4. Experimental Results

The authors trained 3B-parameter Qwen2.5 models on 500B tokens using different datasets and evaluated them on 18 benchmarks.

Performance Comparison

vs. Raw Data: Darwin-CC outperformed raw unprocessed data by +3.96 points on average across 18 benchmarks.
vs. Suboptimal Strategies: Models trained on data cleaned with a non-evolved (suboptimal) strategy scored 41.20, while Darwin-CC scored 44.13. This 2.93-point gap confirms that iterative evolution is essential; simply using an LLM to clean data is insufficient without optimization.
vs.

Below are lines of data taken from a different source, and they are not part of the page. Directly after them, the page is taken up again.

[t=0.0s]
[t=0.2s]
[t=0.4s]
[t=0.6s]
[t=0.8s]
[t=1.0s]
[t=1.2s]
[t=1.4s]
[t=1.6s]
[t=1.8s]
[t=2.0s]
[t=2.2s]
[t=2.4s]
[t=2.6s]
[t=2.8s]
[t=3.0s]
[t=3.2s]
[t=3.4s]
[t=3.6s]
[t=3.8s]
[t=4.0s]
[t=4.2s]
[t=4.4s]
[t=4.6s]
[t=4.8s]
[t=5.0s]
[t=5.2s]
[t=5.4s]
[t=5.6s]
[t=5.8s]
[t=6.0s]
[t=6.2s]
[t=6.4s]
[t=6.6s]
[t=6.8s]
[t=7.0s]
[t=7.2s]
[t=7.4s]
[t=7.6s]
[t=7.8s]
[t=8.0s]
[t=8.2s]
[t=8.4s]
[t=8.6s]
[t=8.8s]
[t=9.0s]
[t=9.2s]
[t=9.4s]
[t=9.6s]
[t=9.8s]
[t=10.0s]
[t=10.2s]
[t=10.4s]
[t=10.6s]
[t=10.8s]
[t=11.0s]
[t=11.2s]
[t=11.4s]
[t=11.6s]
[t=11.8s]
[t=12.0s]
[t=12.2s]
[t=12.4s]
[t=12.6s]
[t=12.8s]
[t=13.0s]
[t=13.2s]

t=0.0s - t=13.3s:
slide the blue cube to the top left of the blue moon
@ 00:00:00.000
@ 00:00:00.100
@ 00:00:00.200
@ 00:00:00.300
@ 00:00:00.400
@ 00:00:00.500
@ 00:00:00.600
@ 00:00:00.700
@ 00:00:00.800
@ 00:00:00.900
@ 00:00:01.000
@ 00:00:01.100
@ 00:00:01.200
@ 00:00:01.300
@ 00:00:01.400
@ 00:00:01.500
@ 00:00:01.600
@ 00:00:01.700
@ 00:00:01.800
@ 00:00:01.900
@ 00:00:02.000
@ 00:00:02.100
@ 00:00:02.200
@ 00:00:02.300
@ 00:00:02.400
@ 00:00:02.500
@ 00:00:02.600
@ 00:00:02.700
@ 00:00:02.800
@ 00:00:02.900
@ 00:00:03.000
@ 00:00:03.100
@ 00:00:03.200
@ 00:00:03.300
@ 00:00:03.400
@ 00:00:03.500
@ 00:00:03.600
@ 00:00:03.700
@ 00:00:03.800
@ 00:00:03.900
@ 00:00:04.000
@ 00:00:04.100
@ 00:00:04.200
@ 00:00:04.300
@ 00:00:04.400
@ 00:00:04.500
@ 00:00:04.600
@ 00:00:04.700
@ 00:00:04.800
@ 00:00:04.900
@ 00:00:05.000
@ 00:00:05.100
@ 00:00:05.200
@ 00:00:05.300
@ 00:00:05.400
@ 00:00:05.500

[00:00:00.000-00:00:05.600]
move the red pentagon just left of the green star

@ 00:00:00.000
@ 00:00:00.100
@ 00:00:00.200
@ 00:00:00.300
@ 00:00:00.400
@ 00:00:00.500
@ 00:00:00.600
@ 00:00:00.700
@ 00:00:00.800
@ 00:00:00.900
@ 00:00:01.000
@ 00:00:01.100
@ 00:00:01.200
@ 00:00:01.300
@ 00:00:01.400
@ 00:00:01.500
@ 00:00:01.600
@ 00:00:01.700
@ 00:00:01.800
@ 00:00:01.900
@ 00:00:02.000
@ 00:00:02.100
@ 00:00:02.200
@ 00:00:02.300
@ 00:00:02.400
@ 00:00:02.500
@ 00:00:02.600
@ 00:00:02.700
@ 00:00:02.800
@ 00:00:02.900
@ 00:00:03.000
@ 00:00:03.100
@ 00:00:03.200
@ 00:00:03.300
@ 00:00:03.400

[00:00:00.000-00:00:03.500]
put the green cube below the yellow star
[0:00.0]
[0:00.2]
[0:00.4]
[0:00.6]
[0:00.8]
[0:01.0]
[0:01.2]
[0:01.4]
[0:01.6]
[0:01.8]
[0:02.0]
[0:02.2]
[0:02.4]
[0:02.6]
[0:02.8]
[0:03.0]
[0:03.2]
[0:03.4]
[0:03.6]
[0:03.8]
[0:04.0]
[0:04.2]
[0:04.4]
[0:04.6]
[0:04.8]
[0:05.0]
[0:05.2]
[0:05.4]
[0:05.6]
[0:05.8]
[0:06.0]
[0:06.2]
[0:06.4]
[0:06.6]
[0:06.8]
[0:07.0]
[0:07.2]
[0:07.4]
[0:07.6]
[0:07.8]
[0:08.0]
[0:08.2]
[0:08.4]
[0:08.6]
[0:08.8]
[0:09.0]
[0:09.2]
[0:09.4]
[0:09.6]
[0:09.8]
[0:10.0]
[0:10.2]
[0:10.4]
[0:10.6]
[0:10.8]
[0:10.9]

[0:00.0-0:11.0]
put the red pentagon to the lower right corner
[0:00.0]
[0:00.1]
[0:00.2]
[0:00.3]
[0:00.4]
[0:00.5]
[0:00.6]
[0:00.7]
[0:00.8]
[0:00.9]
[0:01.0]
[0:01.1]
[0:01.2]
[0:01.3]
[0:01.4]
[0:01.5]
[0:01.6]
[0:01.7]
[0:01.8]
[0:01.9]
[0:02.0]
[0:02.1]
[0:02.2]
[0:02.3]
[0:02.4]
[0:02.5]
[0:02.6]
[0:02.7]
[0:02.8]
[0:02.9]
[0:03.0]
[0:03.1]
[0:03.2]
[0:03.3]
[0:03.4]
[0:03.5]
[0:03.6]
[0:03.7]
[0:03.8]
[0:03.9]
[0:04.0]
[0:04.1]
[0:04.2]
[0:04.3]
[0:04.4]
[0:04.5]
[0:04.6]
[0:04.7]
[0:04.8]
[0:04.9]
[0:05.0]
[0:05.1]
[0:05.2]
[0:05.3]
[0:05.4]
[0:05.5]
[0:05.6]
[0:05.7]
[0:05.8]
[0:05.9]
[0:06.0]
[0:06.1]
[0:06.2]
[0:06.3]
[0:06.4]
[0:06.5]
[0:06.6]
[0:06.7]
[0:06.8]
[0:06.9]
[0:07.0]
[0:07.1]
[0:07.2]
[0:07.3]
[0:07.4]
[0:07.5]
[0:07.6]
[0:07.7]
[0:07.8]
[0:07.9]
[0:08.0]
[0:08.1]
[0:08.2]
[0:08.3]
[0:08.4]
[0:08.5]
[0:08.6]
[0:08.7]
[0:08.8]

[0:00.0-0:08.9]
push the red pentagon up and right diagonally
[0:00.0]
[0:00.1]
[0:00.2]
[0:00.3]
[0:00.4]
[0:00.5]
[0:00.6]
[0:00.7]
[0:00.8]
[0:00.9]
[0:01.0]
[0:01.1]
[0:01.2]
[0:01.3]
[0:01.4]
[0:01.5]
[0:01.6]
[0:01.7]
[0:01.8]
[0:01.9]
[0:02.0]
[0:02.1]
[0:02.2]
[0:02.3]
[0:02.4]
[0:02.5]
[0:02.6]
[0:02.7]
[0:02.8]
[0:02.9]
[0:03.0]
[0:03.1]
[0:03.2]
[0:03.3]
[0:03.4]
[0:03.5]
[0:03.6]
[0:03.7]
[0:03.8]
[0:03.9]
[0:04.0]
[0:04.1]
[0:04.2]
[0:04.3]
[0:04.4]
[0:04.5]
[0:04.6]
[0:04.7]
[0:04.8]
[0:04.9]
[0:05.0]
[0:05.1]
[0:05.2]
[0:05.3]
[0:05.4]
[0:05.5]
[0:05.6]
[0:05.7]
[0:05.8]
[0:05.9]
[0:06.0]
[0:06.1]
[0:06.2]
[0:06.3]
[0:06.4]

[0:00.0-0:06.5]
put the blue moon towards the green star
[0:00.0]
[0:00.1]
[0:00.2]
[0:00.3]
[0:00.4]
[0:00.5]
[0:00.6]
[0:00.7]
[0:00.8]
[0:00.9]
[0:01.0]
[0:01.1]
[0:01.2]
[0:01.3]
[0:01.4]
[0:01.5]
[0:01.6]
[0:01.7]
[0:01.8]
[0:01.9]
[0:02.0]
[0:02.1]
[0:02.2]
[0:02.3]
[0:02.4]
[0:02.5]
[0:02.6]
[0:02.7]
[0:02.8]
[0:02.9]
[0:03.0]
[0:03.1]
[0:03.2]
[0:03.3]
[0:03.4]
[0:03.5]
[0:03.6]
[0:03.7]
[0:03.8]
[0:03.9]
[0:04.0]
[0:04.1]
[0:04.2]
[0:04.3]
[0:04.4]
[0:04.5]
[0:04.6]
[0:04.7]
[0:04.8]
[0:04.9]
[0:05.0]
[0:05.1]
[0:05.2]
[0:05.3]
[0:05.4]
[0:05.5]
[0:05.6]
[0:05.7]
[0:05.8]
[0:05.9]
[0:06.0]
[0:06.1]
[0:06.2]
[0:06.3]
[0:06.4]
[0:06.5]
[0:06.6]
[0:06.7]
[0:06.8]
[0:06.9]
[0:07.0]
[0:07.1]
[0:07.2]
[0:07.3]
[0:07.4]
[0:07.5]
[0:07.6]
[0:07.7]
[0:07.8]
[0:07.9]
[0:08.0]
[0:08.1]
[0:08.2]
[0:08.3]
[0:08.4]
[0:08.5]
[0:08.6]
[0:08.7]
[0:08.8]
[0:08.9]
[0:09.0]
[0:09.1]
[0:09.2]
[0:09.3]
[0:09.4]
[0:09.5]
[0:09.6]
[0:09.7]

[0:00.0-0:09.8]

State-of-the-Art Corpora: Darwin-CC surpassed established datasets:
- DCLM: 44.13 vs. 42.42 (+1.71)
- Ultra-FineWeb: 44.13 vs. 36.29
- FineWeb-Edu: 44.13 vs. 36.52

Task-Specific Gains

Knowledge-Intensive Tasks: Massive improvements were seen in tasks requiring factual recall and reasoning (e.g., MMLU +18.64, MedQA +13.48, CSQA +18.80).
Learning Curves: Darwin-CC showed steeper learning curves and maintained widening advantages over raw data as training progressed, indicating higher data efficiency.
Task Degradation: Interestingly, performance on informal/commonsense tasks (e.g., HellaSwag, SIQA) slightly decreased, suggesting that cleaning removes colloquial language registers, shifting the distribution toward more formal text.

5. Analysis & Insights

Cleaning vs. Transformation: The evolved strategies did not rewrite text into "textbook" styles. Instead, they focused on targeted noise removal (HTML, ads, duplicates) and format normalization while strictly preserving domain-specific content (e.g., keeping LaTeX in math, clinical units in medicine).
Semantic Preservation: Analysis showed that DataEvolve preserves semantic similarity (0.958) far better than transformation-based methods like QA generation (0.882).
Diversity: Cleaning actually increased corpus diversity by removing boilerplate and near-duplicates, while maintaining the broad coverage of the original web data.

6. Significance

This work shifts the paradigm of data curation from manual expertise to automated evolution.

Scalability: It solves the bottleneck of designing strategies for hundreds of heterogeneous categories, making it feasible to curate massive, diverse pretraining corpora.
Cost-Efficiency: By using sample-based fitness approximation, it avoids the prohibitive cost of training models for every strategy iteration.
Quality Insight: It challenges the notion that "rewriting" data is necessary for quality, showing that systematic, domain-aware cleaning is sufficient to unlock latent data value and achieve state-of-the-art performance.

The paper concludes that evolutionary strategy design is not only feasible but necessary for the next generation of large-scale pretraining data curation.